▶ [TASK ITEM] Restate the records that follow word for word. Omit the images.

Stored entries:
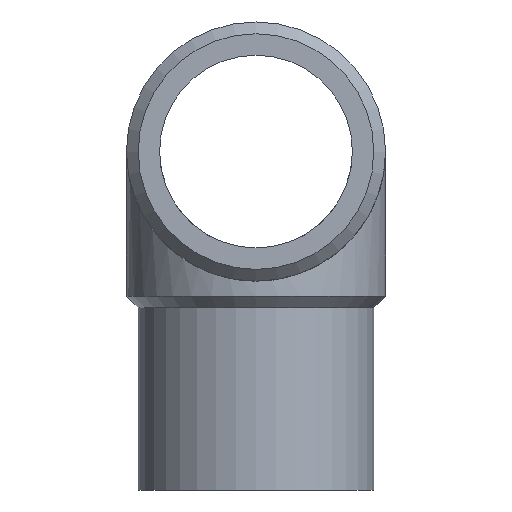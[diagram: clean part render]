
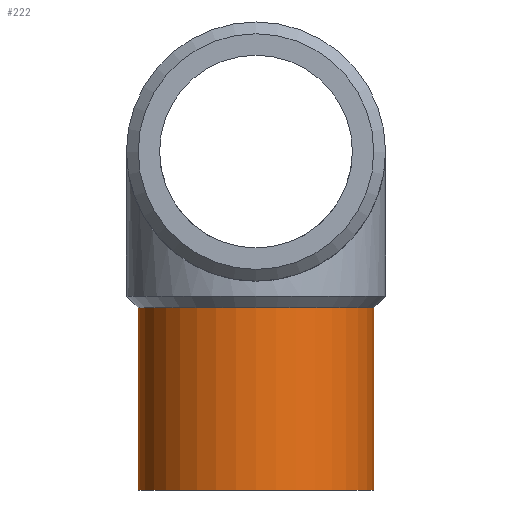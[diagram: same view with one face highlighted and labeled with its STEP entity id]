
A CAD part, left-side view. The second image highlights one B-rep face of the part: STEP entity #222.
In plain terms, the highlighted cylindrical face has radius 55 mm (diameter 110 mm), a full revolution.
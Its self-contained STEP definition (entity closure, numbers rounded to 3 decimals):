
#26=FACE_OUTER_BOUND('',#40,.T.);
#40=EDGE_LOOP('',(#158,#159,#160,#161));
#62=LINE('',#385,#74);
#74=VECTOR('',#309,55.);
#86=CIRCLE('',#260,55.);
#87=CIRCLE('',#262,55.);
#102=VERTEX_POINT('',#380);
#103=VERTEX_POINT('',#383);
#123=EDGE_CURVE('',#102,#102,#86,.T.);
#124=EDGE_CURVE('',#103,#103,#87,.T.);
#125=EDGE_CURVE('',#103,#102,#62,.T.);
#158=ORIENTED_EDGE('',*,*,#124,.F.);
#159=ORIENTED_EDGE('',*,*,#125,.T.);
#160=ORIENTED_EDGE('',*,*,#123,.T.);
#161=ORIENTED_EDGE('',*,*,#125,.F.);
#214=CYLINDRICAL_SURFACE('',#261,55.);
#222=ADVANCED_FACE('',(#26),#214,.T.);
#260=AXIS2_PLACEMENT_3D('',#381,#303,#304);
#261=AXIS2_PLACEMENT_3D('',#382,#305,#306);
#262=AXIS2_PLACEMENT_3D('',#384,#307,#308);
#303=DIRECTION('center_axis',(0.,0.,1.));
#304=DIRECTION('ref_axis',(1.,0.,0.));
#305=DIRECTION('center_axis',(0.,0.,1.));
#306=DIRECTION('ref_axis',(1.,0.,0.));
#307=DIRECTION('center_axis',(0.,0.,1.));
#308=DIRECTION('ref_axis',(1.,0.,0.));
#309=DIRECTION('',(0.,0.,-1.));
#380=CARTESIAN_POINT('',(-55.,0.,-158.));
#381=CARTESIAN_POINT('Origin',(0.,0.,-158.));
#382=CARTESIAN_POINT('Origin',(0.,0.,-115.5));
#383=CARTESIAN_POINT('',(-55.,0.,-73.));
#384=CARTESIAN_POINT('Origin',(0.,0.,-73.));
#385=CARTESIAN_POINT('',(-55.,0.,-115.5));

▶ [WORKED SOLUTION]
[diagram: clean part render]
[diagram: same view with one face highlighted and labeled with its STEP entity id]
A CAD part, left-side view. The second image highlights one B-rep face of the part: STEP entity #222.
In plain terms, the highlighted cylindrical face has radius 55 mm (diameter 110 mm), a full revolution.
Its self-contained STEP definition (entity closure, numbers rounded to 3 decimals):
#26=FACE_OUTER_BOUND('',#40,.T.);
#40=EDGE_LOOP('',(#158,#159,#160,#161));
#62=LINE('',#385,#74);
#74=VECTOR('',#309,55.);
#86=CIRCLE('',#260,55.);
#87=CIRCLE('',#262,55.);
#102=VERTEX_POINT('',#380);
#103=VERTEX_POINT('',#383);
#123=EDGE_CURVE('',#102,#102,#86,.T.);
#124=EDGE_CURVE('',#103,#103,#87,.T.);
#125=EDGE_CURVE('',#103,#102,#62,.T.);
#158=ORIENTED_EDGE('',*,*,#124,.F.);
#159=ORIENTED_EDGE('',*,*,#125,.T.);
#160=ORIENTED_EDGE('',*,*,#123,.T.);
#161=ORIENTED_EDGE('',*,*,#125,.F.);
#214=CYLINDRICAL_SURFACE('',#261,55.);
#222=ADVANCED_FACE('',(#26),#214,.T.);
#260=AXIS2_PLACEMENT_3D('',#381,#303,#304);
#261=AXIS2_PLACEMENT_3D('',#382,#305,#306);
#262=AXIS2_PLACEMENT_3D('',#384,#307,#308);
#303=DIRECTION('center_axis',(0.,0.,1.));
#304=DIRECTION('ref_axis',(1.,0.,0.));
#305=DIRECTION('center_axis',(0.,0.,1.));
#306=DIRECTION('ref_axis',(1.,0.,0.));
#307=DIRECTION('center_axis',(0.,0.,1.));
#308=DIRECTION('ref_axis',(1.,0.,0.));
#309=DIRECTION('',(0.,0.,-1.));
#380=CARTESIAN_POINT('',(-55.,0.,-158.));
#381=CARTESIAN_POINT('Origin',(0.,0.,-158.));
#382=CARTESIAN_POINT('Origin',(0.,0.,-115.5));
#383=CARTESIAN_POINT('',(-55.,0.,-73.));
#384=CARTESIAN_POINT('Origin',(0.,0.,-73.));
#385=CARTESIAN_POINT('',(-55.,0.,-115.5));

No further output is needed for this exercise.